Artık konuşamadığım için sadece başımı salladım.

Polis: karol sevillanın arasını inceledik ve frenlerle oynandığını tespit ettik. Kamera kayıtlarına baktığımızdaysa bunu dove isimli birinin yaptığını bulduk. Merak etmeyin bu yanına kalmayacak.

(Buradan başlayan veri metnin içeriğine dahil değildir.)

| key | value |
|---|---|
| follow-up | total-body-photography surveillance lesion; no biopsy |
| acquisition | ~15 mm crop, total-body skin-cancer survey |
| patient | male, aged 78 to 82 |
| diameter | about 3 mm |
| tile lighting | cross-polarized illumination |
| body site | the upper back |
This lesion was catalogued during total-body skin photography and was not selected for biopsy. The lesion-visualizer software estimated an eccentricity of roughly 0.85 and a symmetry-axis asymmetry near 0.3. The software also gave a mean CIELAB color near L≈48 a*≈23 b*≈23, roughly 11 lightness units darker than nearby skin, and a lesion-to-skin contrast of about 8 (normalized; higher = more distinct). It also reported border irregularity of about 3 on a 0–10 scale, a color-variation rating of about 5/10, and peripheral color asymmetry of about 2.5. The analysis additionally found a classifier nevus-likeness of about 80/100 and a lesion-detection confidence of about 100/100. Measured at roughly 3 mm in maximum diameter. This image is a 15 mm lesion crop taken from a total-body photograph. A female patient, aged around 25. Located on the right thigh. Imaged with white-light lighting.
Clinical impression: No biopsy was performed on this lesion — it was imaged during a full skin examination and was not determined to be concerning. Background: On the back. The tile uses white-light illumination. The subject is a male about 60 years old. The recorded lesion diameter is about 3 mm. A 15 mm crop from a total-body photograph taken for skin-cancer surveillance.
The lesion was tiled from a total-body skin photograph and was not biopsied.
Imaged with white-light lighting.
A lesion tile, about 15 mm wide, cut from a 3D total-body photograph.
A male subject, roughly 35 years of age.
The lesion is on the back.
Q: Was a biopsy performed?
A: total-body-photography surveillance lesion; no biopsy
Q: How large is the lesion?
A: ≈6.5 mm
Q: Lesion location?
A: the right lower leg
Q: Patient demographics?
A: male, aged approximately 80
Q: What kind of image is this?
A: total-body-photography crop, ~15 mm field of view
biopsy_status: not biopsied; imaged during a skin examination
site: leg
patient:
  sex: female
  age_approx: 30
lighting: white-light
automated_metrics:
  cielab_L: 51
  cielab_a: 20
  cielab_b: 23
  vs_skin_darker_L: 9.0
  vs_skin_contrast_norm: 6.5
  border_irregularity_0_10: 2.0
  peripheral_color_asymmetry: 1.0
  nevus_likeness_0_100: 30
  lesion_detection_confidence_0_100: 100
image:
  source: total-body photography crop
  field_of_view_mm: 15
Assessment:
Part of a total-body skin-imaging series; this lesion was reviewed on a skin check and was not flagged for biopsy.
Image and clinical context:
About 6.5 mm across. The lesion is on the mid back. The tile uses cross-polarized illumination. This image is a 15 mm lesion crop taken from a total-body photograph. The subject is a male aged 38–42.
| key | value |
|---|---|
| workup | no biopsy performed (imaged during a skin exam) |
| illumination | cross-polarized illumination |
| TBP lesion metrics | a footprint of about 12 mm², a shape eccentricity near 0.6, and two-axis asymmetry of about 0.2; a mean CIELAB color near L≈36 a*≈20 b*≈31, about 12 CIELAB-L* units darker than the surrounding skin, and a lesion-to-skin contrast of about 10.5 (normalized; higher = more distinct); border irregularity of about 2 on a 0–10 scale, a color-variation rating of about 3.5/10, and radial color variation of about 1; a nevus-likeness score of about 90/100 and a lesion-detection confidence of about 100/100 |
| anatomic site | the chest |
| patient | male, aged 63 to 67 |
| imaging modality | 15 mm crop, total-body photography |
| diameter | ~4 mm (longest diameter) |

Dedi ve yanımızdan ayrıldılar.

Dünya bir kez daha durmuştu benim için. Onun ölümüne sebep olan bendim. Her şekilde ben. Ama kızımız için güçlü durmalıydım. Başka biriyle kesinlikle evlenmezdim, başkasını sevemezdim. Bizimkilere bir şekilde haber verip roma daha fazla etkilenmesin diye ordan çıktım. Gördüğüm her yer bana onu hatırlatıcaktı, gerçi acı çeksemde unutmak istemiyordum onu.

Yazardan

Genç kız uçurumdan düştüğü gün 2.bir şansı olmuştu. Her şey dejavu gibiydi. Genç adamın yalvarışları, genç kızın gözünü kapamama çabası. Ama değişen şey bu sefer kurtulamamasıydı. Hayatın verdiği 2.şansın sonu burasıydı. Genç kız, genç adamın ve güzel kızının yalvarışlarına rağmen gitmişti. Ama eğer ona yalvarışlarını ölmeden duysaydı, genç kızda dönerdi geri. Ama artık her şey için çok geçti. Bu hikayenin sonu mutsuzdu. Ve üç kalptede koca bir boşluk oluşturdu, koca bir boşluk.

Son...

Mutsuz sonları bende sevmem, ama hayatın gerçekleri çoğu zaman mutsuz sonlardır.

Sanırım dayanamayıp birde iyi son yapıcam ama bilmiyorum.